His son, Jackson "Jax Gallagher" McCall is out to steal back what should have been his: a priceless autographed baseball now in Treena's possession. As it turns out, although it was not left to Jax in his father's will, Treena always intended to find him and give it back because she knew that's what his dad wanted. But Jax wasn't around - he wasn't there when his dad was dying, he didn't attend the funeral, and she's never met him - so she's in no hurry.

Jax comes to LV as a professional poker player in a tournament and has a plan: he'll introduce himself to his dad's widow with his professional name (Gallagher), seduce her so he can gain access to her house, find the ball after he's boffed her senseless, and skeedaddle. His backstory is that his mother died when he was young, and his dad raised him - poorly. He was a geek - a big, tall, brainy, scrawny geek - and his dad seemed to want an athlete. He skipped 3 grades in school, went to MIT at 14, but always felt like the outsider (see a pattern here??) and never felt he lived up to his dad's expectations.
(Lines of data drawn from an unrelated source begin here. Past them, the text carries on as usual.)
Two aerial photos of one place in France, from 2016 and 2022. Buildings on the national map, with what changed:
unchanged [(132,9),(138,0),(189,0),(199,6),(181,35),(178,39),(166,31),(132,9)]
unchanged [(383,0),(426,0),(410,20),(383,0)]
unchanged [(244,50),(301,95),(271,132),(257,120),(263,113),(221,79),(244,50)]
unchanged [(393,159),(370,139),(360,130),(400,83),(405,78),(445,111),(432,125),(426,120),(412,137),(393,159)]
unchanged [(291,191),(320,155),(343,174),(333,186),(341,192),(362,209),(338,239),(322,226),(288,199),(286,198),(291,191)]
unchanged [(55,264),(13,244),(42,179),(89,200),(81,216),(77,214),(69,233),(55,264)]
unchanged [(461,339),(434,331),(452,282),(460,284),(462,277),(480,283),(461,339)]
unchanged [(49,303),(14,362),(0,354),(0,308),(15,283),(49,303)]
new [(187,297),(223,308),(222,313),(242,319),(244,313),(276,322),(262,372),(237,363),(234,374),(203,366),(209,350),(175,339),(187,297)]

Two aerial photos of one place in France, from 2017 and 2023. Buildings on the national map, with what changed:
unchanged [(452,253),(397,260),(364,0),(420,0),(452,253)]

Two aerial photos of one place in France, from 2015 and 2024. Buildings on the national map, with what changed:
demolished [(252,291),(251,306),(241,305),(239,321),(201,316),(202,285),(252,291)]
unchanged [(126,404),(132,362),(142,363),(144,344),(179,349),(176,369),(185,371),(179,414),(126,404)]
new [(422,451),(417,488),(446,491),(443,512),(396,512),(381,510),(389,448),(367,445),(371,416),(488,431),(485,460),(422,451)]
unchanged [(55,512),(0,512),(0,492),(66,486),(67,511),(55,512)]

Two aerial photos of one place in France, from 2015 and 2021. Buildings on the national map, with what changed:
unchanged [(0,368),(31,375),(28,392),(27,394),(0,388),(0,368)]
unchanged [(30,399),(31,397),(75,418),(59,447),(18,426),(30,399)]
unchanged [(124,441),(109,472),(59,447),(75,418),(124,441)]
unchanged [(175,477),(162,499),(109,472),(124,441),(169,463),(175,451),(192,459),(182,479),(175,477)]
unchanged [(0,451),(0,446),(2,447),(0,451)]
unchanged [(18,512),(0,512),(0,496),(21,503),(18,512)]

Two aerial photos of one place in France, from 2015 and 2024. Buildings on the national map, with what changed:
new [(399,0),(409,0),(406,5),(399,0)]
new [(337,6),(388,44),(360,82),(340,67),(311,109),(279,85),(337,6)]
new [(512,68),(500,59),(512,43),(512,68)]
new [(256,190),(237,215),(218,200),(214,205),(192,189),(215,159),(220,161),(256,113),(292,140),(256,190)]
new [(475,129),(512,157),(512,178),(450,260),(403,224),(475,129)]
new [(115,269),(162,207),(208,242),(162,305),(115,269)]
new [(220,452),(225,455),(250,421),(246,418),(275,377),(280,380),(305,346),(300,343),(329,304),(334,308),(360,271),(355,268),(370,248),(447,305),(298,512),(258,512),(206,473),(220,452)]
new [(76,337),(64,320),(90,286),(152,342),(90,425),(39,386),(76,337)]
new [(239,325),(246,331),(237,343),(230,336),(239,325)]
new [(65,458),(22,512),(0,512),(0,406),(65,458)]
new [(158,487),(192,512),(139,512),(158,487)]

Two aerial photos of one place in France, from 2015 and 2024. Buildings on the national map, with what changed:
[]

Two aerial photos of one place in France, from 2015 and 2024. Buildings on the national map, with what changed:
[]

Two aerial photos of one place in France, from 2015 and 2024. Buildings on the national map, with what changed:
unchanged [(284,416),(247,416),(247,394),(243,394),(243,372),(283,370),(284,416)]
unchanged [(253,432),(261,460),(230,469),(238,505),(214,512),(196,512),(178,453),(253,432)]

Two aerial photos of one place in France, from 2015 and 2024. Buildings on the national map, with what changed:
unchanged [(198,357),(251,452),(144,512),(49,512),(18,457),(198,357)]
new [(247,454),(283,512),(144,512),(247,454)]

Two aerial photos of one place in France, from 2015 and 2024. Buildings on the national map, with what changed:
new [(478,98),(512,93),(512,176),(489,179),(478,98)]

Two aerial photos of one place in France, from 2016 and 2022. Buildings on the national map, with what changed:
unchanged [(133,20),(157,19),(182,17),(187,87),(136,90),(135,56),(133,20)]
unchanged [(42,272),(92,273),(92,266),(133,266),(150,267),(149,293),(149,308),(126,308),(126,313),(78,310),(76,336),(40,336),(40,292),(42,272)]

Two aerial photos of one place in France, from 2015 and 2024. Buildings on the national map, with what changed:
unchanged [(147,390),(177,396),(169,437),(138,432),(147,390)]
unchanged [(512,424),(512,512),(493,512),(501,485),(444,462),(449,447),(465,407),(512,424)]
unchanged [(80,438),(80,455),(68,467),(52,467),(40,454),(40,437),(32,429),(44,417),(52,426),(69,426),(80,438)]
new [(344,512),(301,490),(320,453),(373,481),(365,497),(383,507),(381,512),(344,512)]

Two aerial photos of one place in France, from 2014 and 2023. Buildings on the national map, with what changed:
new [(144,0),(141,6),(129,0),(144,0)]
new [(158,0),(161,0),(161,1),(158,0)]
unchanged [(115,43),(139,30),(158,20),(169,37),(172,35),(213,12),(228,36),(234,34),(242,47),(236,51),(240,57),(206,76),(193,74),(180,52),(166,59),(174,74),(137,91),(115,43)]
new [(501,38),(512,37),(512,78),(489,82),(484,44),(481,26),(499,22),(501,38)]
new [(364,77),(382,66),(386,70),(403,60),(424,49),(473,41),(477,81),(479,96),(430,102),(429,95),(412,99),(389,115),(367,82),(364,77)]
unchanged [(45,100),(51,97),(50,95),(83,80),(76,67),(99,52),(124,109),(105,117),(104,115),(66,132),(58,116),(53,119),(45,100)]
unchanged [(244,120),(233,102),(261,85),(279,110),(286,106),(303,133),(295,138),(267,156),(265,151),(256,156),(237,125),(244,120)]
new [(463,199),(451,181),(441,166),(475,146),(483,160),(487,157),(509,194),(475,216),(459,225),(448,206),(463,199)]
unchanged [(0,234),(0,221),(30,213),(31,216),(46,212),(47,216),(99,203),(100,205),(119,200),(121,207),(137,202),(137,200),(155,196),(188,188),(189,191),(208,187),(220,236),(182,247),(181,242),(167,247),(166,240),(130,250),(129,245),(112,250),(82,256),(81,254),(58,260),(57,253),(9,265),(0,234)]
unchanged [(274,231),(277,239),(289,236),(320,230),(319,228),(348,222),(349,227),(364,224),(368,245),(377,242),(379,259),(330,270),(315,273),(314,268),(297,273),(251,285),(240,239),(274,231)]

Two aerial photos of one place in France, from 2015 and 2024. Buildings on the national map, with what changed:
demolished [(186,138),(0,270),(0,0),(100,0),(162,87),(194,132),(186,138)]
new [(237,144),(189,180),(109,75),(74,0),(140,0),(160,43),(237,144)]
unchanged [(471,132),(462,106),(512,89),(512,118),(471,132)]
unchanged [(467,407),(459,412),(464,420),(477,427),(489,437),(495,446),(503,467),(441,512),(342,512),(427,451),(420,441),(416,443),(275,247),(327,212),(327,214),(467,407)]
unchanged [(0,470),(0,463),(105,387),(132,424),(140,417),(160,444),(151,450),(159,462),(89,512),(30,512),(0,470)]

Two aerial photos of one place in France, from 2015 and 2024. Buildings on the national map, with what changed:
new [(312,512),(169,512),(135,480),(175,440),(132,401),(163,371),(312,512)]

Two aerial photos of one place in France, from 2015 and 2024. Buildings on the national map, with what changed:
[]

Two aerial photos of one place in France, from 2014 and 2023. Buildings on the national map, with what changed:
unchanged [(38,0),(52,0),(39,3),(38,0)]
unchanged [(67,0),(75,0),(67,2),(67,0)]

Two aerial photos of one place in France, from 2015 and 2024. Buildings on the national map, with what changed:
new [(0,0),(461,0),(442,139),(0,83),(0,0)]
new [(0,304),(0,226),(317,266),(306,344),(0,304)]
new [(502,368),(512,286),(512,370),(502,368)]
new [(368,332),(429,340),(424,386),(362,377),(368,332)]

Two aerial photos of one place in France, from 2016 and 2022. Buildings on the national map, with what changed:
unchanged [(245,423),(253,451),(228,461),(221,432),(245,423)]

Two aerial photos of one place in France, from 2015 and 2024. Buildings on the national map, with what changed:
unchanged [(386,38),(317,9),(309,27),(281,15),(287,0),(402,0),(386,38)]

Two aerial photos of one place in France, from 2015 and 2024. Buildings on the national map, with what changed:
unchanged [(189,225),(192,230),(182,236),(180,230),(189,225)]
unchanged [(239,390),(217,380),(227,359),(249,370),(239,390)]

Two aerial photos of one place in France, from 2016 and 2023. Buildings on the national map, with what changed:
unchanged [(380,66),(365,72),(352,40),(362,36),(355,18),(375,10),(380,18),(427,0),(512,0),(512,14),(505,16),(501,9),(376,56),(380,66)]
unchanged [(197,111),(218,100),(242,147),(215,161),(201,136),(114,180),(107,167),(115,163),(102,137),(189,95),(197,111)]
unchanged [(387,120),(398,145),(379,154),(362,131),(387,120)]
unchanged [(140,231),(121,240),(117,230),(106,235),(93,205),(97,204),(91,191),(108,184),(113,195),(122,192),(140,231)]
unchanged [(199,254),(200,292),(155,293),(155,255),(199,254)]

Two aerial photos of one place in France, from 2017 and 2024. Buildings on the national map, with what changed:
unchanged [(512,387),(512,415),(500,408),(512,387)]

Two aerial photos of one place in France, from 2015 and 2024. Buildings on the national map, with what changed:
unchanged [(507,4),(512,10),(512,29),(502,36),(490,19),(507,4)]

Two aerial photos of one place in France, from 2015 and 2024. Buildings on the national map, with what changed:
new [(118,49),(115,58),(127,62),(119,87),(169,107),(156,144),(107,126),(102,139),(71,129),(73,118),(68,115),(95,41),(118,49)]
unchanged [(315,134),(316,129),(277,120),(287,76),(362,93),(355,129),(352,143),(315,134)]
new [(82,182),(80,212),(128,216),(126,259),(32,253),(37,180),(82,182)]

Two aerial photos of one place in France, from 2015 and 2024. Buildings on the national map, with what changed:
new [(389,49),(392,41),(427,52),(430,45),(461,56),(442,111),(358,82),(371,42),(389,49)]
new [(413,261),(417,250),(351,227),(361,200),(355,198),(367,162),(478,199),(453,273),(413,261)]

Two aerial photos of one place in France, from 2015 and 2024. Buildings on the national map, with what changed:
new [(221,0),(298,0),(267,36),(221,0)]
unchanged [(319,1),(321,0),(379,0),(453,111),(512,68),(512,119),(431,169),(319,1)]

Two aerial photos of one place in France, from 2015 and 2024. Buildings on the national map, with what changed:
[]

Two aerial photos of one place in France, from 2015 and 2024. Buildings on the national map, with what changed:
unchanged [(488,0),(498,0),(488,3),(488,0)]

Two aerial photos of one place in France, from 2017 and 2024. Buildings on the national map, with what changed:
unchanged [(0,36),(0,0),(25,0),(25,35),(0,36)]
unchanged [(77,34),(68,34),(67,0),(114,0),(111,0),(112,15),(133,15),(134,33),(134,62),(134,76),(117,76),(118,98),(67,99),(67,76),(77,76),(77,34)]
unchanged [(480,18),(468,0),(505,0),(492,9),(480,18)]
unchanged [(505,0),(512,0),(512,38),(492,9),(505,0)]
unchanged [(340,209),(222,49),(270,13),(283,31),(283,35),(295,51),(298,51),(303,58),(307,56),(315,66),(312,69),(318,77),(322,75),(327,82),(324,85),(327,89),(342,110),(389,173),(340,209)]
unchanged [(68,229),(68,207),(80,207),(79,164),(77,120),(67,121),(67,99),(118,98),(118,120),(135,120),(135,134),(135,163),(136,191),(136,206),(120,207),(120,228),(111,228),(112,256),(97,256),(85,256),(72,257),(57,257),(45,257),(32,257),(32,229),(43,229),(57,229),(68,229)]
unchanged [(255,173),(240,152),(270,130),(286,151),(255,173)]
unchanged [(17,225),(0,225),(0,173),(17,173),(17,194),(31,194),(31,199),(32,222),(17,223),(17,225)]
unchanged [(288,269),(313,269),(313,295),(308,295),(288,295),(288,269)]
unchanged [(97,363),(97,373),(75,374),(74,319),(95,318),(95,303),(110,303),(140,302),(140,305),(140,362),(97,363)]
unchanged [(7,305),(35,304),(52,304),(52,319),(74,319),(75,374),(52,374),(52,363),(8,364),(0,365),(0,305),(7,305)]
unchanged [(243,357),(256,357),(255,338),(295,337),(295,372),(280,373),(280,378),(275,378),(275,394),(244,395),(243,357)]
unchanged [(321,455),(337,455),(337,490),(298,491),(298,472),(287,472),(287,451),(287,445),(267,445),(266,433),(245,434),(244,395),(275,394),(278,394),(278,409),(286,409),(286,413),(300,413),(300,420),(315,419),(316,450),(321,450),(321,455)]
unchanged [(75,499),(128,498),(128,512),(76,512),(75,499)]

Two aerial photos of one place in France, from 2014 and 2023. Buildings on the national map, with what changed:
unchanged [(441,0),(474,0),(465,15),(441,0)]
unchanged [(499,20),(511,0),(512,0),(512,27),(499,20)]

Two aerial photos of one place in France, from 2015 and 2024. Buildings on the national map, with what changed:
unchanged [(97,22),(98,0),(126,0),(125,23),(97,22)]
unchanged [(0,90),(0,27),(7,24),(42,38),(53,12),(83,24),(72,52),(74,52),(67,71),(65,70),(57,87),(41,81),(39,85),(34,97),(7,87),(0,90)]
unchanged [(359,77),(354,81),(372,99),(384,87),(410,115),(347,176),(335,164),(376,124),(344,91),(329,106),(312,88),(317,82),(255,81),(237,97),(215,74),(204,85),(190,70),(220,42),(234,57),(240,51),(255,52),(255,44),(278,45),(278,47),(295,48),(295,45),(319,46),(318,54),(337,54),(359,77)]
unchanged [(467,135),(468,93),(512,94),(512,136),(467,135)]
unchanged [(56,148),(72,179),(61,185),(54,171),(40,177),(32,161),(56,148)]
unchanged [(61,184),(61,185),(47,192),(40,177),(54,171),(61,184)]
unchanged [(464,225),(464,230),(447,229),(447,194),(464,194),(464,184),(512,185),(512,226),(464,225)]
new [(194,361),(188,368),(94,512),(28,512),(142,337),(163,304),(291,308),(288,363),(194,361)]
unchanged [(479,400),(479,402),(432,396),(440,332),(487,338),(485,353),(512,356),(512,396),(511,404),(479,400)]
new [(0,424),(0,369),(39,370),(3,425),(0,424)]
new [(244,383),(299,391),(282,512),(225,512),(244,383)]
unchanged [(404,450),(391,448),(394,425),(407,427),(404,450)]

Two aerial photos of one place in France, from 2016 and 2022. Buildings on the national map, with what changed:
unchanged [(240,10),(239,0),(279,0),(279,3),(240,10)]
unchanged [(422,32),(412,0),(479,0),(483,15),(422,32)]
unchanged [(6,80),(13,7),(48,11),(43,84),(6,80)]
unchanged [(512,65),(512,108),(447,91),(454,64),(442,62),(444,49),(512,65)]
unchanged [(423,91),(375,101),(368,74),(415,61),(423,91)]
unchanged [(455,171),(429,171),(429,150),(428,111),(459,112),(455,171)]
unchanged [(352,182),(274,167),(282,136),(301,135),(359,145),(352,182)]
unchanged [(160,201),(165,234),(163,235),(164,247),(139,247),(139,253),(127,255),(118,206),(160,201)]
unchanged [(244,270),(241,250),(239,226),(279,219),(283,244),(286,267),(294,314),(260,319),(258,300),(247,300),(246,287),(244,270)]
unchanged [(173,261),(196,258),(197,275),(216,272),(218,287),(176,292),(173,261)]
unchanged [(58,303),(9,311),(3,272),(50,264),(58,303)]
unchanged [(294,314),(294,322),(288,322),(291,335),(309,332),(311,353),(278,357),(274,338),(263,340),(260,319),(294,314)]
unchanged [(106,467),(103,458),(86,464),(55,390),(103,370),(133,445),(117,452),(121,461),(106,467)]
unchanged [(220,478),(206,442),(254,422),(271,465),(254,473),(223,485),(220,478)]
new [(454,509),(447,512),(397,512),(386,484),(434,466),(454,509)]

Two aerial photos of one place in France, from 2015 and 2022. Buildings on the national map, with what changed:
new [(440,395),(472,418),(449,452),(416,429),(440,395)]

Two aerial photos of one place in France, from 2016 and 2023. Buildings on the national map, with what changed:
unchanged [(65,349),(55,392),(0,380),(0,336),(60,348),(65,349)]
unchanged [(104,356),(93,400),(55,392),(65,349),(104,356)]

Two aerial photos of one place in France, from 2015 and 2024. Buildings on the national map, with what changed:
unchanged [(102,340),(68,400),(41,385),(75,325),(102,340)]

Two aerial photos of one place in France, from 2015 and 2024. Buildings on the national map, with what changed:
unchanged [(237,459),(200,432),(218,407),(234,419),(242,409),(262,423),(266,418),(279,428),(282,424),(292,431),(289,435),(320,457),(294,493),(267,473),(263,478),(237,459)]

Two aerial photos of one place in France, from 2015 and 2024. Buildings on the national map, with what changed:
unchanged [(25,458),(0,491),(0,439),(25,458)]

Now he's a big, tall, brainy, built professional poker player with plenty of money. Unfortunately, under the influence of alcohol, he bet the baseball in a poker game to a fellow who is determined to get it by force if necessary. Hence the plan - he figures his dad's widow is a money-grubbing gold digger bimbo, and that his plan will work when he wows her with his money. In his mind, there's no point in just asking for it because she would never give it away. But he miscalculated - a big problem for a mathematical genius poker player!

There's a fun secondary romance that is almost unnecessary, but fills in the "built family" aspect - 2 middle-aged single neighbors who finally give in to their attraction for each other. They act as mother and father in her "built family" of neighbors who drop in and give advice and get in the way. The whole "built family" aspect is important to Jax in making him feel home for the first time in his life, contributing to his feeling of well-being with Treena. For me, this part makes the characterization of their relationship whole - it isn't just a lust attraction, but the whole package, and they develop a friendship outside the bedroom that is very realistic.

Of course, Andersen writes bacon-sizzling hot love scenes too, which doesn't hurt. I got a kick out of the obligatory "sex against the door" scene when he realizes he was rushing her, and tries another tactic. While she appreciates that, she decides she still wants the door aspect and manages to finagle it later.

And there's the other neighbor, another dancer, leading her way into her own story - Just for Kicks, next on my TBR list.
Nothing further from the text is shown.